**WHAT NEEDS TO BE DONE:** Write an exact copy of the entries below that leaves out all pictures.

**INFORMATION SUPPLIED:**

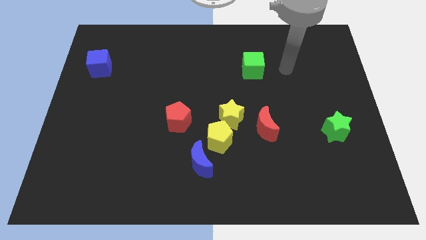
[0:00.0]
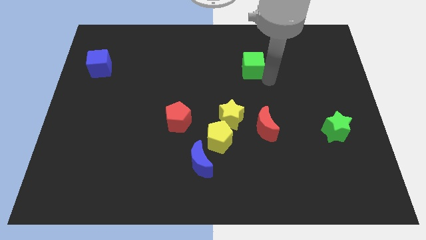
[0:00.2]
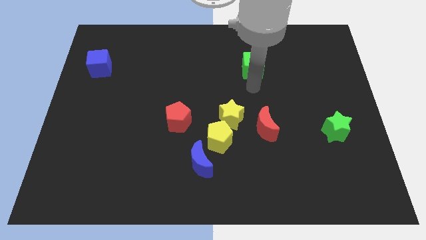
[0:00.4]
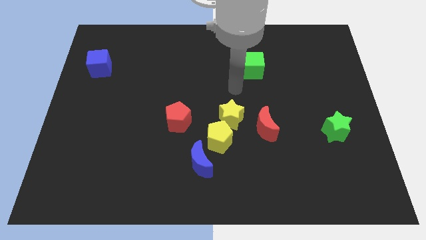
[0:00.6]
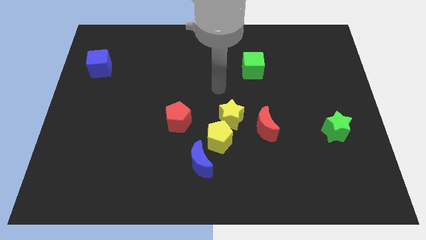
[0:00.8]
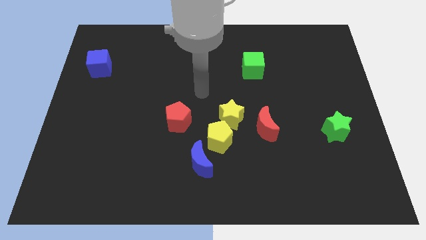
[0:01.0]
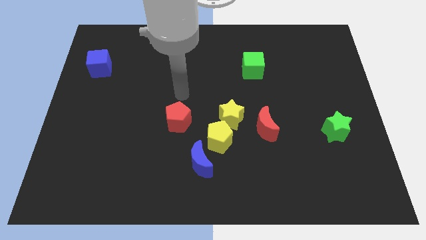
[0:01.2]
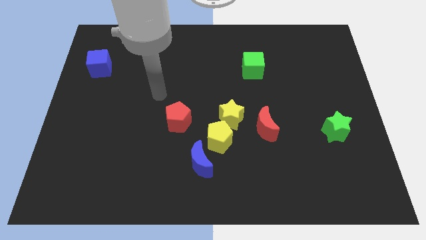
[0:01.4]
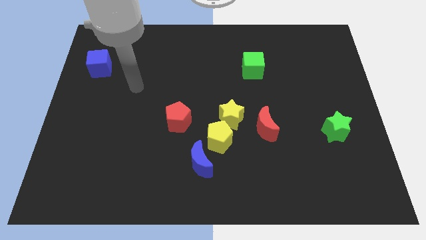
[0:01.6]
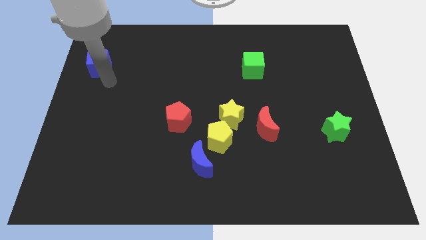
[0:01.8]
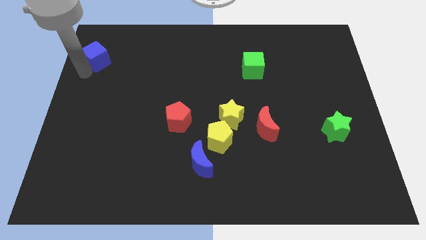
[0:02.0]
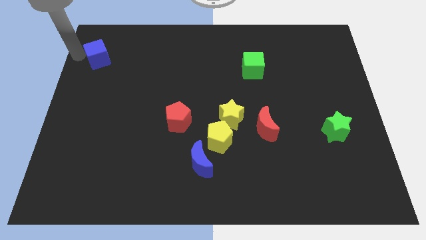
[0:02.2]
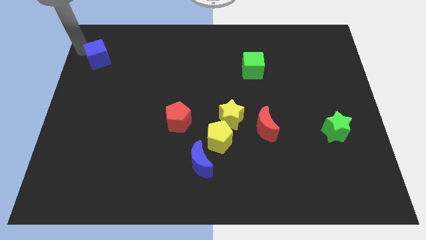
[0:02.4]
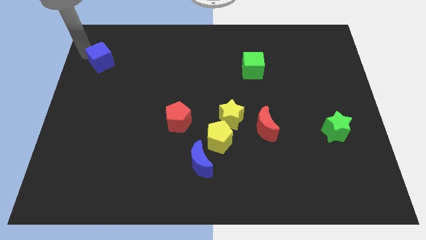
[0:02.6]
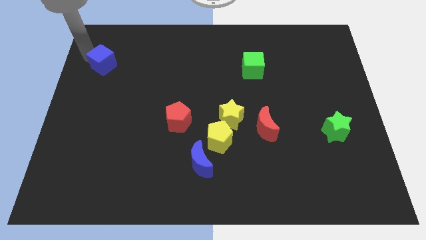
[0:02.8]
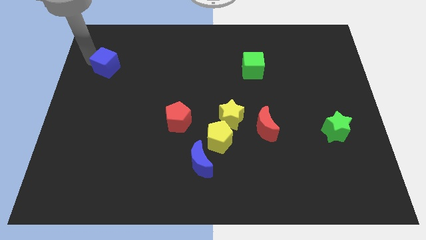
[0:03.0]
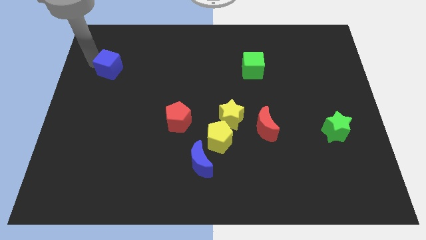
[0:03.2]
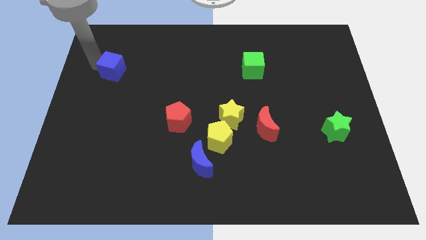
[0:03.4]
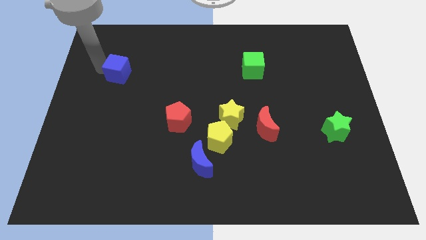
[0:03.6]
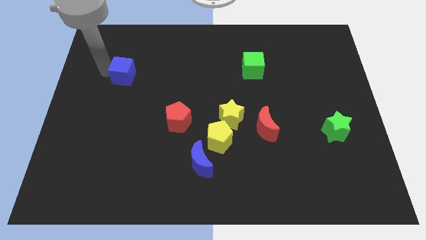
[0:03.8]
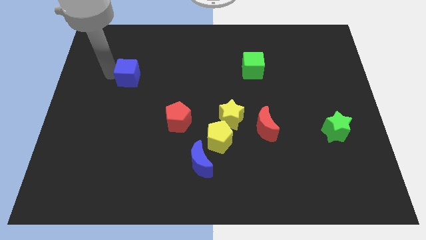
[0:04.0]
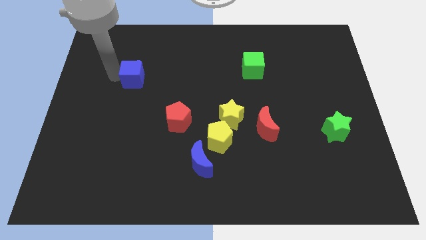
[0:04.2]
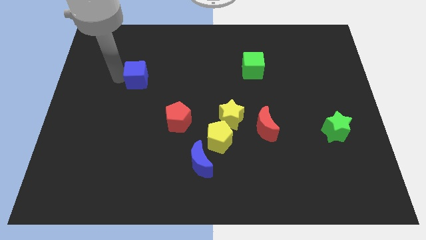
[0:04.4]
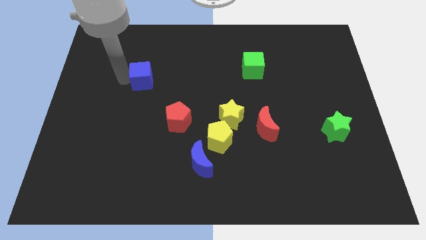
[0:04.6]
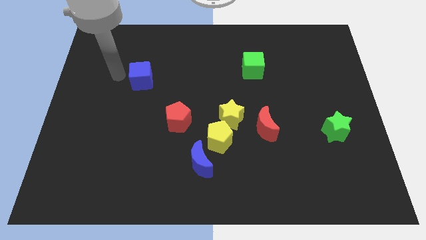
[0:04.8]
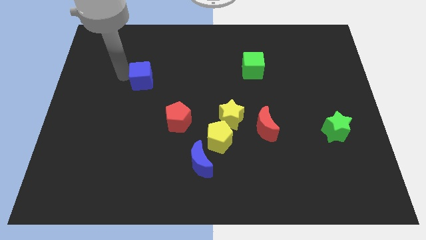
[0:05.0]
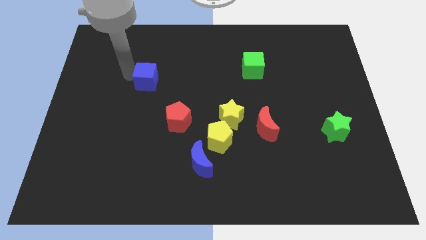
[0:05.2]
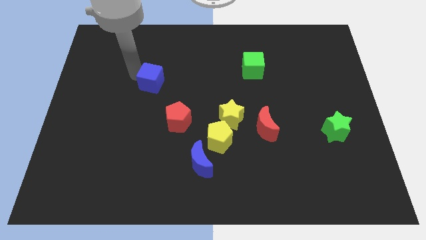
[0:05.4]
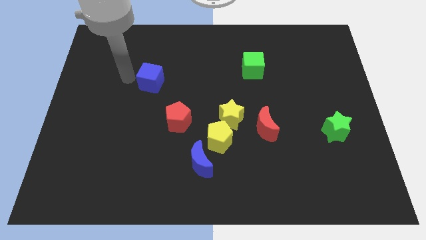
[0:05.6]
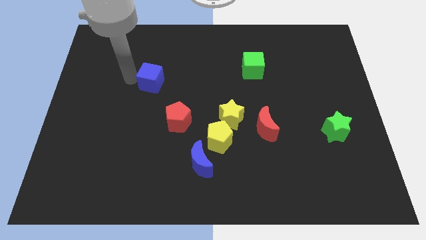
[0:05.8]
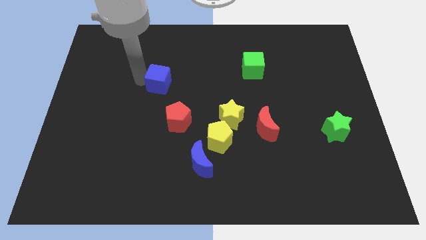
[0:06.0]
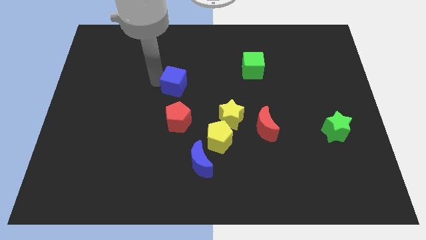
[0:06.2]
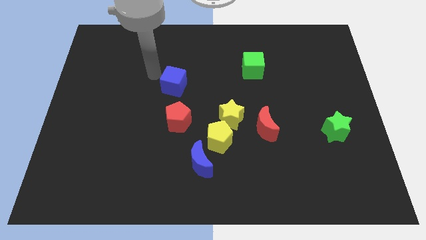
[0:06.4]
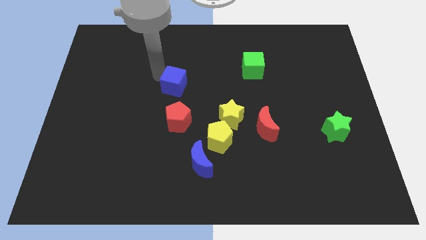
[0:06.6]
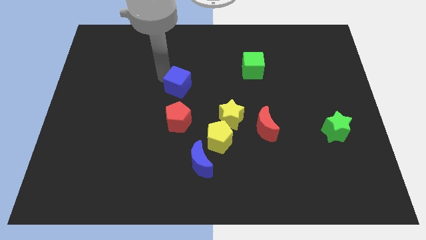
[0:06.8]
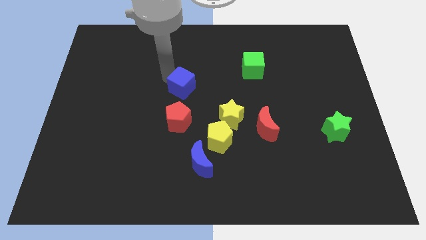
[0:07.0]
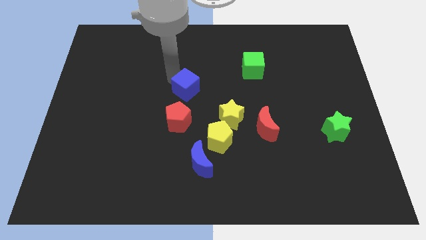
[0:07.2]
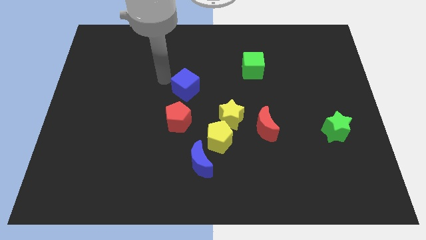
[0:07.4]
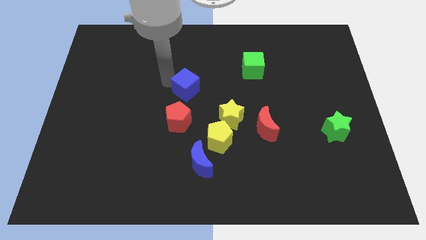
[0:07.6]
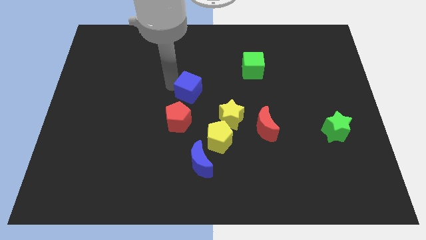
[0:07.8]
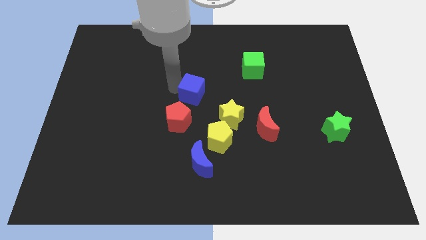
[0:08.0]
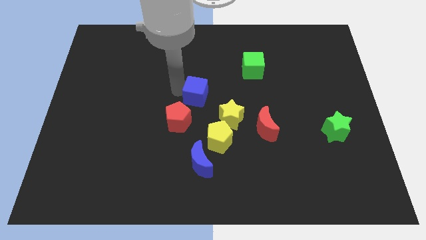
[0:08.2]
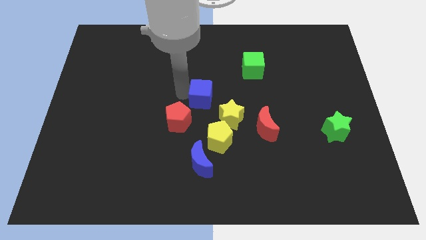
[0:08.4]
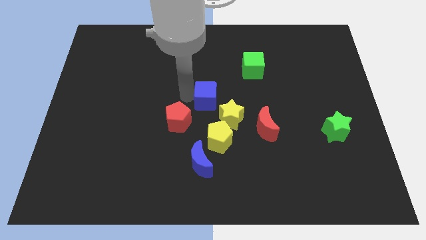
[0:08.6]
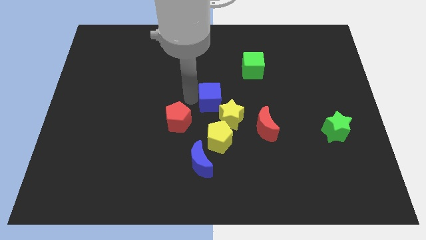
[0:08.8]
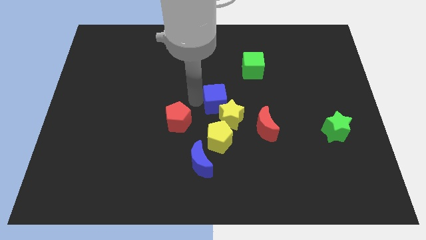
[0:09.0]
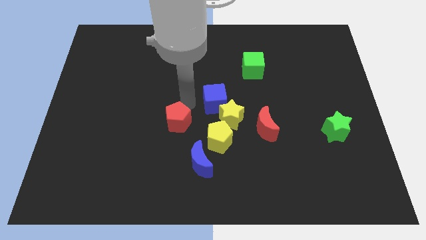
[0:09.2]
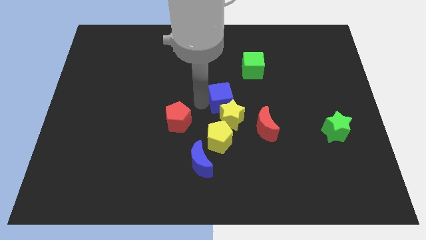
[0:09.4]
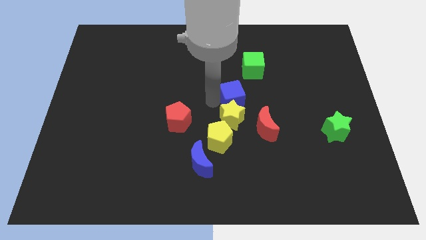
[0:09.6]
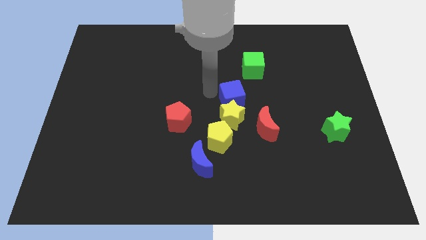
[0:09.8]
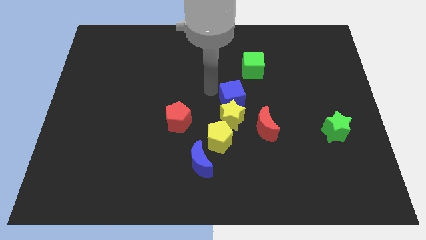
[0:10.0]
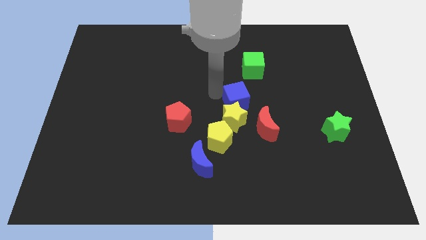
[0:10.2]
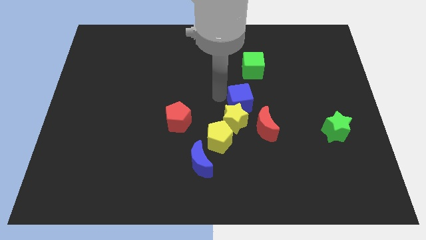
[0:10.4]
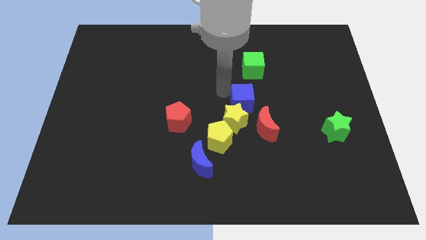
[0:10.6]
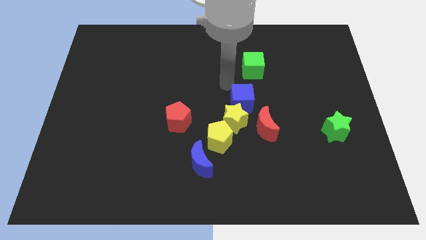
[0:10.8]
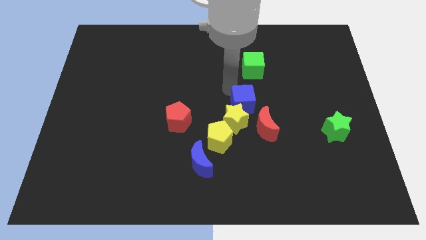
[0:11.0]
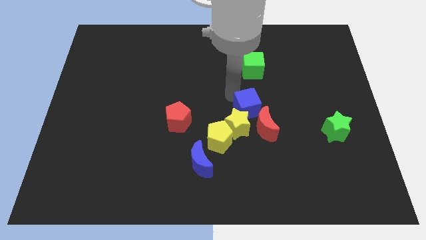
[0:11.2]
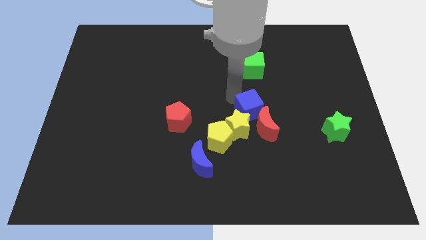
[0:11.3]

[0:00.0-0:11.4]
move the blue cube close to the red moon

**TASK ANSWER:**
[0:00.0]
[0:00.2]
[0:00.4]
[0:00.6]
[0:00.8]
[0:01.0]
[0:01.2]
[0:01.4]
[0:01.6]
[0:01.8]
[0:02.0]
[0:02.2]
[0:02.4]
[0:02.6]
[0:02.8]
[0:03.0]
[0:03.2]
[0:03.4]
[0:03.6]
[0:03.8]
[0:04.0]
[0:04.2]
[0:04.4]
[0:04.6]
[0:04.8]
[0:05.0]
[0:05.2]
[0:05.4]
[0:05.6]
[0:05.8]
[0:06.0]
[0:06.2]
[0:06.4]
[0:06.6]
[0:06.8]
[0:07.0]
[0:07.2]
[0:07.4]
[0:07.6]
[0:07.8]
[0:08.0]
[0:08.2]
[0:08.4]
[0:08.6]
[0:08.8]
[0:09.0]
[0:09.2]
[0:09.4]
[0:09.6]
[0:09.8]
[0:10.0]
[0:10.2]
[0:10.4]
[0:10.6]
[0:10.8]
[0:11.0]
[0:11.2]
[0:11.3]

[0:00.0-0:11.4]
move the blue cube close to the red moon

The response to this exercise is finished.